Pesticides en France : dix ans d’exposition aux substances actives
Auteur : Stanislas Rigal (INRAE) et Thomas Perrot (FRB)
Relectures par : Robin Goffaux , Thomas Perrot, Fanny Lavastrou et Pauline Coulomb
Référence : Rigal, S., Perrot, T. Pesticides in France: ten years of combined exposure to active substances in land, air and surface water. Sci Data 12, 512 (2025). https://doi.org/10.1038/s41597-025-04864-6
L’agriculture industrielle se caractérise par un recours accru aux pesticides. Ces derniers se retrouvent dans l’environnement et leurs impacts sur la biodiversité sont de plus en plus documentés. Mais où sont ces pesticides dans l’environnement ? Malheureusement, la disponibilité des données permettant de réaliser des analyses temporelles à grande échelle spatiale, nécessaire pour l’évaluation de l’impact de ces molécules sur la biodiversité et la santé humaine, reste insuffisante. Pour combler ce manque, des chercheurs de l’INRAE et de la FRB proposent un indice d’exposition inédit ainsi qu’une carte de répartition des pesticides les plus toxiques à l’échelle française entre 2013 et 2022.
L’omniprésence des pesticides dans l’environnement est attestée par de nombreuses analyses. Mais leur distribution, leur rémanence ou leur simple présence n’est pas toujours facile à documenter. Les données sont éparses, non disponibles ou manquantes. Nous aurions pourtant besoin d’analyses temporelles à grande échelle pour mieux déterminer les risques associés à leur utilisation sur nos territoires. Des experts de l’INRAE et de la FRB ont compilé des données sur l’achat de plus d’une centaine de substances actives ainsi que des mesures de pollution de l’air et des eaux de surface par ces substances. Ces informations ont permis de proposer une carte de répartition des pesticides les plus toxiques entre 2013 et 2022 en France métropolitaine (cf ci-après). Ces données spatiales et temporelles sur l’exposition aux pesticides dans l’environnement sont essentielles pour une prise de décision éclairées en matière de politiques agricole, de conservation de la biodiversité et de santé humaine.
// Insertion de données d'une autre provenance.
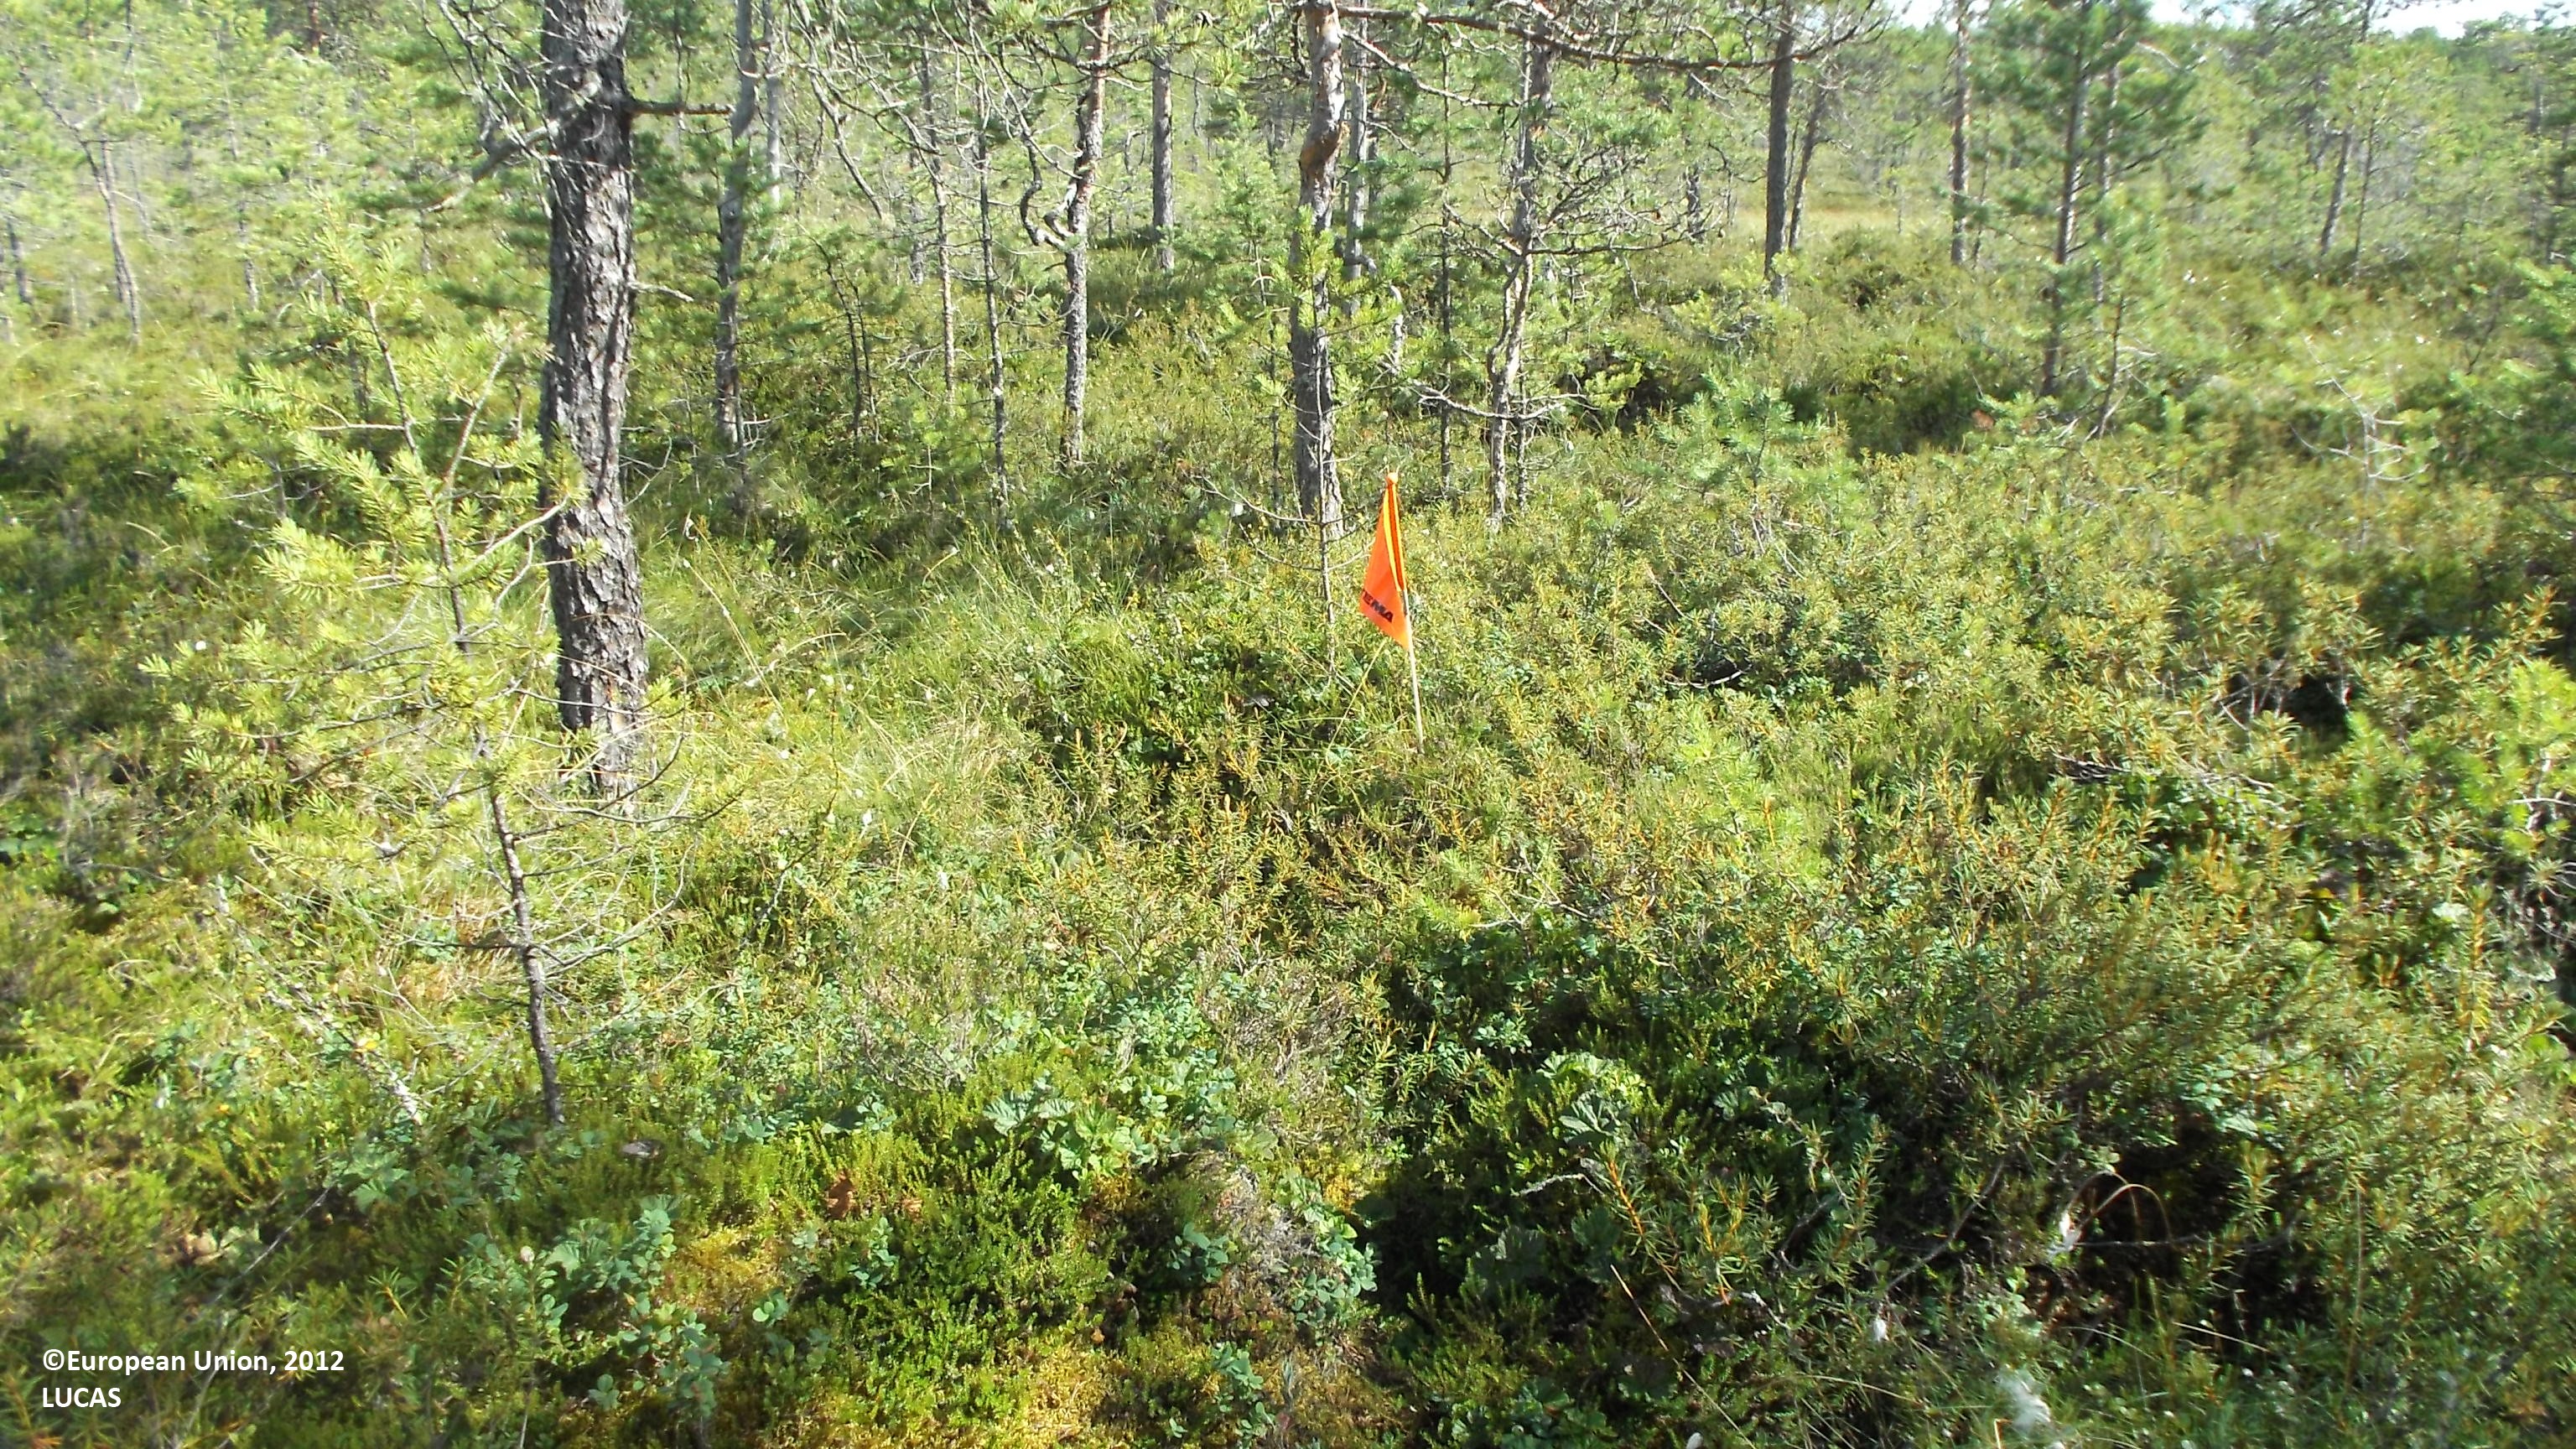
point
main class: Woodland
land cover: Pine dominated coniferous woodland
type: mire and swamp forests
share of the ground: 10 - 25 %
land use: Semi-natural and natural areas not in use
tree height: > 5 m
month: August
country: FI
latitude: 63.9427
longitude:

Afin d’exprimer le risque potentiel sur le territoire français, un indice d’exposition combinée aux pesticides a été construit à partir de données standardisées sur l’exposition aux substances actives les plus nocives pour l’environnement (c’est-à-dire substances toxiques ou cancérigènes, mutagènes, reprotoxiques). Cet indice, fondé sur les usages locaux et la présence de ces substances dans l’air et les eaux de surface en France métropolitaine, permet de fournir une estimation de l’exposition globale aux pesticides dans les écosystèmes sur 10 ans. À notre connaissance, il s’agit du premier ensemble de données disponible en Europe à l’échelle nationale avec une précision spatiale à l’échelle communale et une couverture temporelle de 10 ans. Ces informations offrent une avancée significative dans la dynamique de l’évaluation de l’exposition aux pesticides.
Cet indice prend en compte :
- les quantités vendues de 183 substances actives à l’échelle de chaque municipalité, disponibles à partir de la Banque Nationale des Ventes distributeurs (BNV-d), parmi lesquelles l’acétamipride ou le fluxapyroxad, respectivement un insecticide néonicotinoïde et un fongicide SDHI faisant l’objet de préoccupation environnementales.
- la pollution de l’air, grâce à la base de données Phytatmo,
- la pollution des eaux de surface par les bases de données NAIADES et SANDRE.
Cet indice permet de produire des cartes sur la pression d’utilisation et les concentrations en pesticides dans l’air et les eaux de surface. En combinant ces trois métriques, il fournit une carte globale du niveau moyen auquel les êtres vivants, dont les humains, sont exposés.
Carte : Niveau moyen d’exposition combinée aux pesticides par l’utilisation de substances actives et la concentration dans l’air et l’eau entre 2013 et 2022. Échelle standardisée entre 0 et 1,5
L’article dont sont issues ces informations, dit « datapaper », vise à porter à connaissance et mettre à disposition de la recherche des jeux de données, facilitant leur reprise et utilisation dans d’autres travaux. Ces cartes pourront par exemple être interprétées ou intégrées dans d’autres analyses. Un processus de validation technique a été appliqué afin de renforcer la solidité de ce travail. Une note d’utilisation donne également des indications pour la réutilisation de ces données lors de travaux ultérieurs.